Ingredients:
- 1 ½ cups (180g) all-purpose flour
- 1 teaspoon baking powder
- ½ teaspoon baking soda
- ½ teaspoon salt
- ½ cup (113g) unsalted butter, softened
- 1 cup (200g) granulated sugar
- 3 large eggs
- 2 teaspoons pure vanilla extract
- 2 teaspoons almond extract
- ½ cup (120ml) buttermilk (or non-dairy milk for a dairy-free version)
- Sliced almonds for garnish (optional)
- Powdered sugar for dusting (optional)
Instructions:
- Preheat the oven to 350°F (175°C).
- Grease and flour the cake pan or line with parchment paper.

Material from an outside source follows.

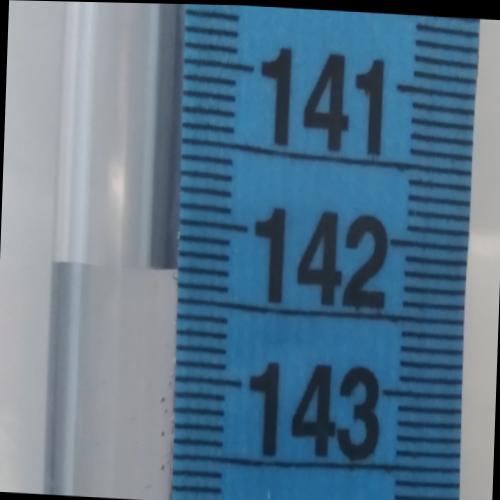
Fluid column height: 142.3 cm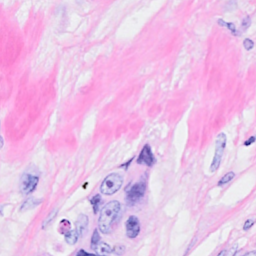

- In a bowl, whisk together flour, baking powder, baking soda, and salt.
- In a separate bowl, cream the softened butter and sugar until light and fluffy.
- Incorporate eggs, vanilla extract, and almond extract one at a time, mixing well after each addition.
- Gradually add dry ingredients to the wet ingredients, alternating with buttermilk. Mix until just combined.
- Pour the batter into the prepared pan and smooth the top. Bake for 25-30 minutes or until a toothpick inserted in the center comes out clean.
- Allow the cake to cool in the pan for 10 minutes, then transfer to a cooling rack to cool completely.
- Top with sliced almonds and dust with powdered sugar before serving (optional).